Using the example from the blubber docs a valid POST payload to send to blubber would be:

version: v3
base: docker-registry.wikimedia.org/nodejs-slim
apt: { packages: [librsvg2-2] }
lives:
  in: /srv/service
variants:
  build:
    base: docker-registry.wikimedia.org/nodejs-devel
    apt: { packages: [librsvg2-dev, git, pkg-config, build-essential] }
    node: { requirements: [package.json] }
    runs: { environment: { LINK: g++ } }
  test:
    includes: [build]
    entrypoint: [npm, test]

This contains 2 variant, /test and /build. Let's benchmark /test

Using the shell variables set above and saving in a file called datafile the above stanza we run the following

curl --data-binary @datafile http://${MINIKUBE_HOST}:${SERVICE_PORT}/test

And it returns successfully

Transform then this to an actual ab test

ab -n30000 -c1 -T 'application/x-www-form-urlencoded' -p datafile http://${MINIKUBE_HOST}:${SERVICE_PORT}/test

That's 30k requests with a concurrency of one. Note the results in grafana and then gradually increase the concurrency

An easy way to a handoff approach to increasing the concurrency would be a for loop

for i in `seq 1 30`; do ab -n30000 -c${i} -T 'application/x-www-form-urlencoded' -p datafile http://${MINIKUBE_HOST}:${SERVICE_PORT}/test; done

This will send 900k requests total to the service, in batches of 30k with increasing concurrency from 1 to 30. This might be an overkill, depending on the nature of your service. Feel free to tweak both the number of requests and the concurrency level. The important thing is that you end up with good numbers for containing 1 instance (in production there will be many) of the service

Again, depending on the nature and the complexity of the service, the above benchmark might be too naive. In that case you are encouraged to use other benchmarking suites. Two of note are : locust.io and vegeta

Interpreting the results

After this is done, mark the maximal CPU+memory usage in the graphs. If you are lucky, the memory is going to be an easy one This is your limits stanza in values.yaml.
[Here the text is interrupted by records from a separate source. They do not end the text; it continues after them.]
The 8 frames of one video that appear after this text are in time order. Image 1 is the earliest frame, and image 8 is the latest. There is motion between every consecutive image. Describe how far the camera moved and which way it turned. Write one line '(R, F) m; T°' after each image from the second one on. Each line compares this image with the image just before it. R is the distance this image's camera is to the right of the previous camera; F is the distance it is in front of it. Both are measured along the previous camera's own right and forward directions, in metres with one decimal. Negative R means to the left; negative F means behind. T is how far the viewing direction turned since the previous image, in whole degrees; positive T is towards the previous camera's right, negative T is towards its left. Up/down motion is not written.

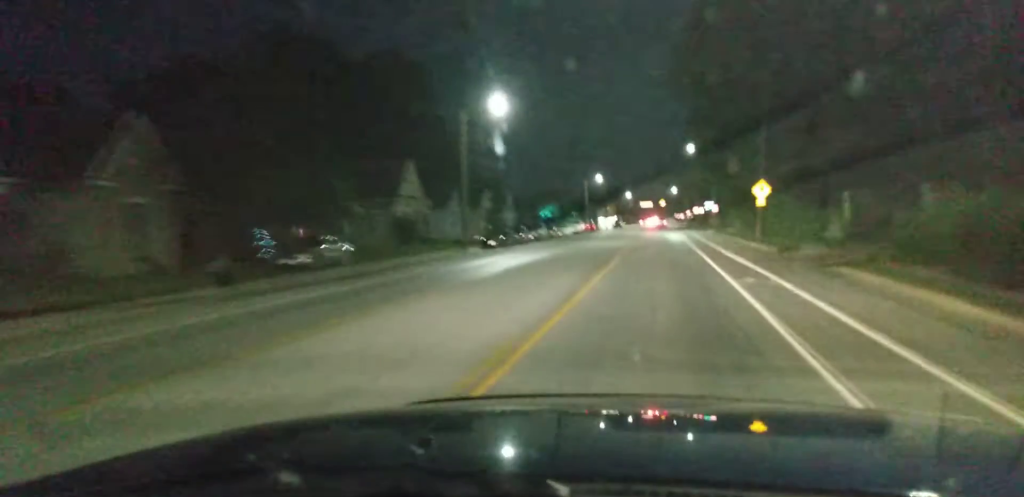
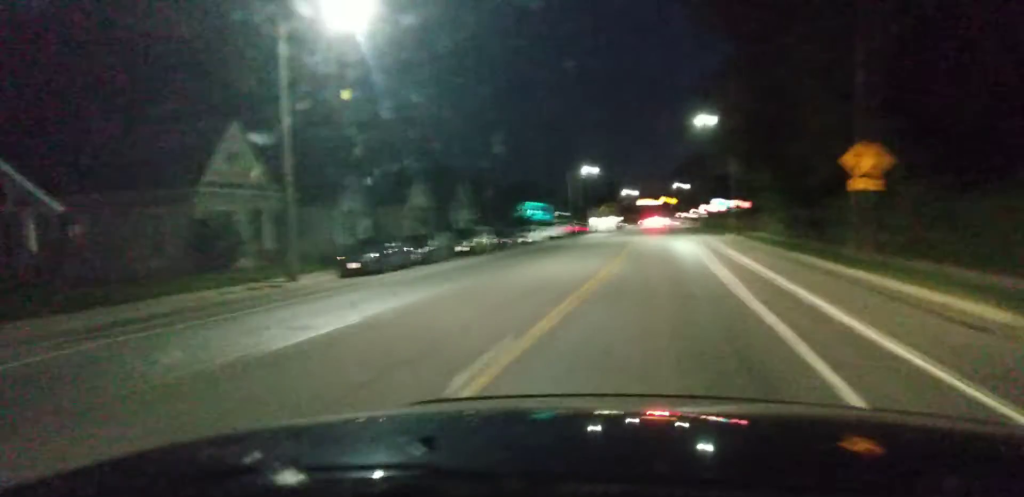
(-0.3, +23.9) m; -1°
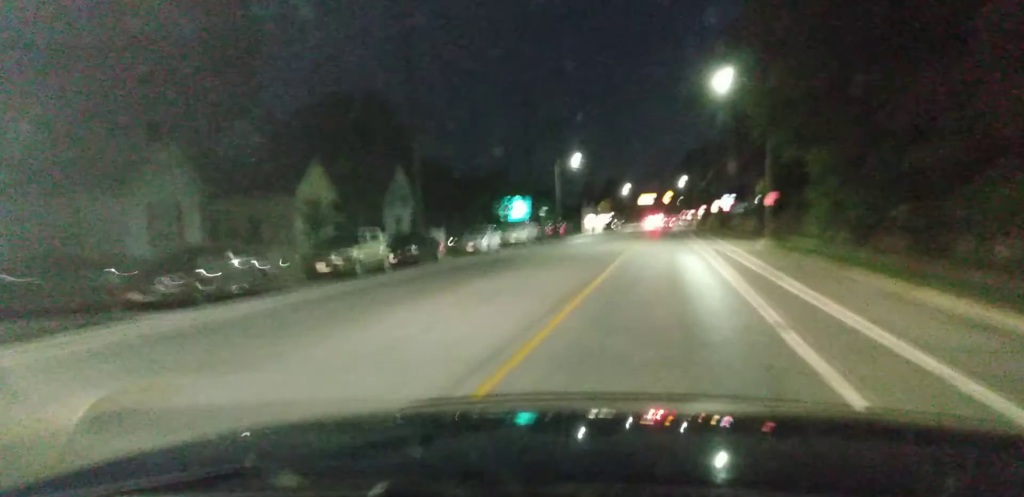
(0.0, +17.9) m; 0°
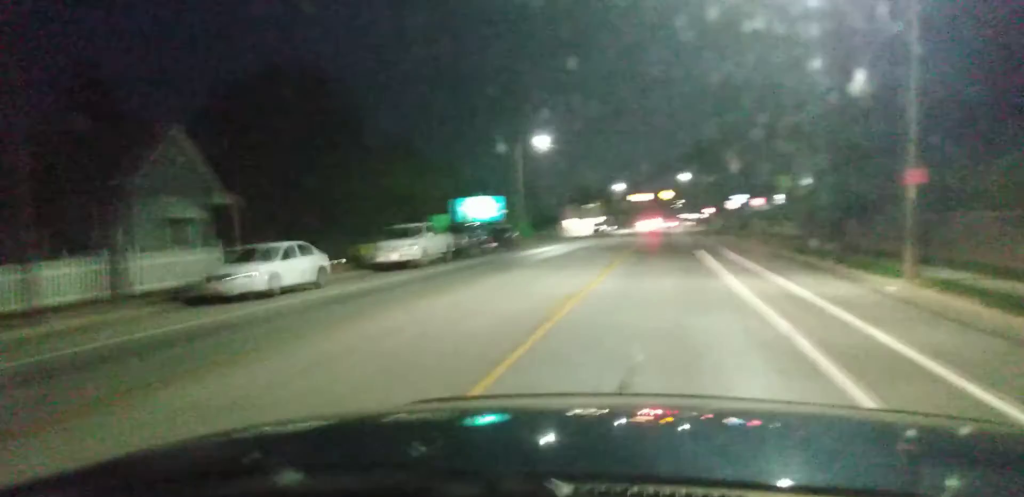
(+0.1, +23.9) m; +1°
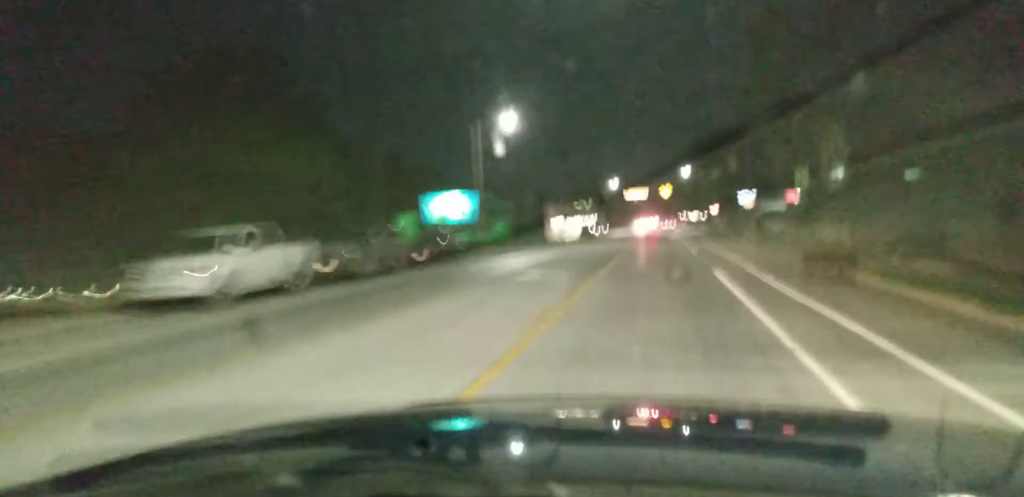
(+0.3, +14.5) m; +1°
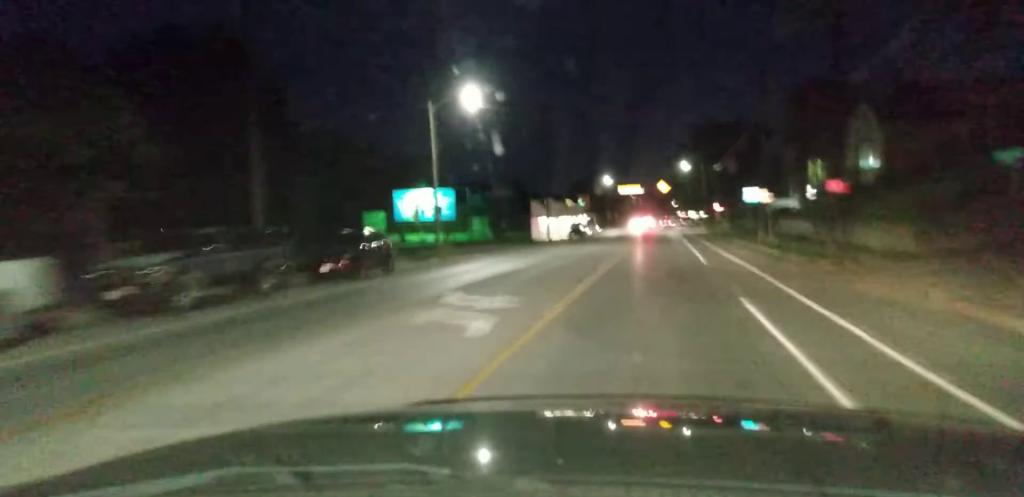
(0.0, +9.3) m; 0°
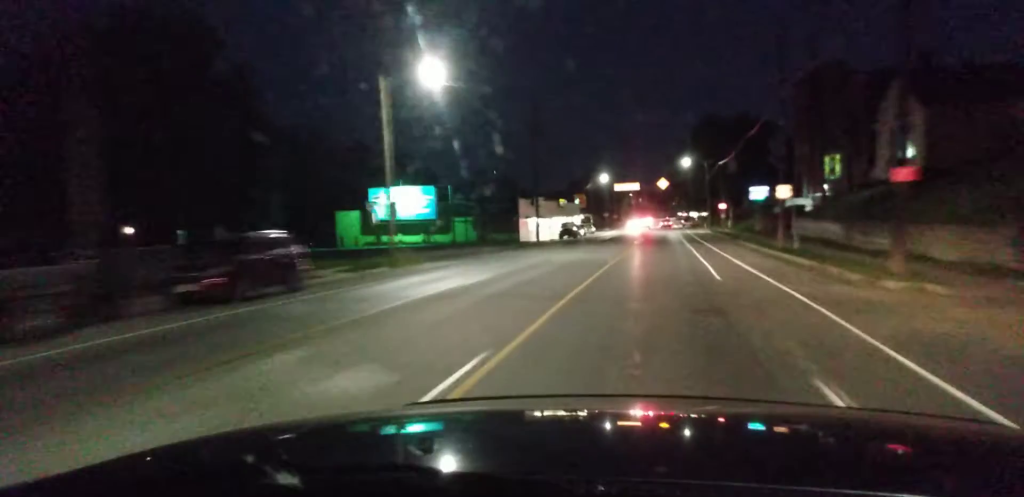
(0.0, +7.6) m; 0°
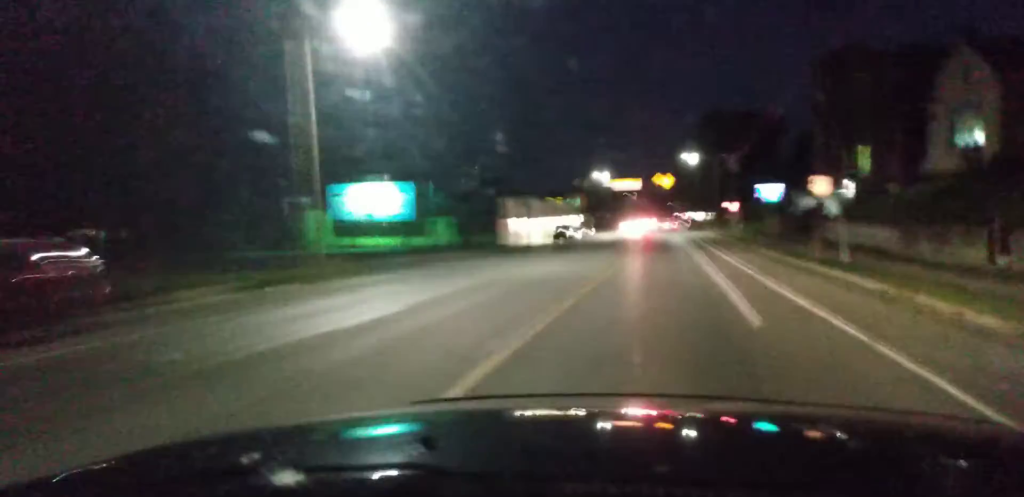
(0.0, +7.6) m; 0°

CPU is way more difficult to interpret. For starters it varies heavily on the architecture of the host being tested on. In minikube it will probably be very limited, probably 1 core if the app is written decently. If it's not, it's probably prudent to profile the endpoint and figure out if it can be improved. On higher CPU counts, depending heavily on the app (is it multithreaded/multiprocess?), this will vary.
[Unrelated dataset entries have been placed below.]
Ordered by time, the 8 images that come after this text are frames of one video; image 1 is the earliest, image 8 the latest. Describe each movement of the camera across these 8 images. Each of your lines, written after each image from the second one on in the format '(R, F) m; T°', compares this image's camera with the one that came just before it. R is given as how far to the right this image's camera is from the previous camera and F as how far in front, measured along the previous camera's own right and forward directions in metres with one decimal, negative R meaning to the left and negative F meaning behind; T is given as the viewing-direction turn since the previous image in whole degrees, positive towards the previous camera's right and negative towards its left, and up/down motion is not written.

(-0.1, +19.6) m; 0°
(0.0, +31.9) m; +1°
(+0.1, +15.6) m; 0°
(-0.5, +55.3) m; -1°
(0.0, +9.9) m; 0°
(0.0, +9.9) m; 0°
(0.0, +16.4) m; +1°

If a maximum is reached despite increasing concurrency, you got your number. If not, it means you have a very scalable service in your hands. Congratulations! Set a value of 1 as a default so that's something meaningful is there for others and you will be overriding it in production.

Other things to take into account

Grep the ab output for 'Requests per second'. If the number sounds good for 1 instance of the service (in production we will have multiple), that's fine. If not, it's probably prudent to figure out why. The graphs will tell you why (is your service CPU bound? is it memory bound? network bound? IO bound?)

TDo the same for 'Failed requests'. If you have anything other than 0, figure out why. It may be you found a bug (like a race condition) or simply the service is crumbling under the load. In that case it's important to understand the breaking point. It's not always easy to figure out. It might be fully related to the current load , at which point the amount of concurrency applied will tell you how many users a single instance of the service will support or it might be a byproduct of the benchmarking process. Applications written in frameworks/languages with lazy garbage collection processes might fall in this category as the benchmarking does not allow them to GC in time and they end up either consuming the entire memory limit of the container before being killed. Whatever the reason, try and figure it out and most importantly document it. Ask for help from SREs in this.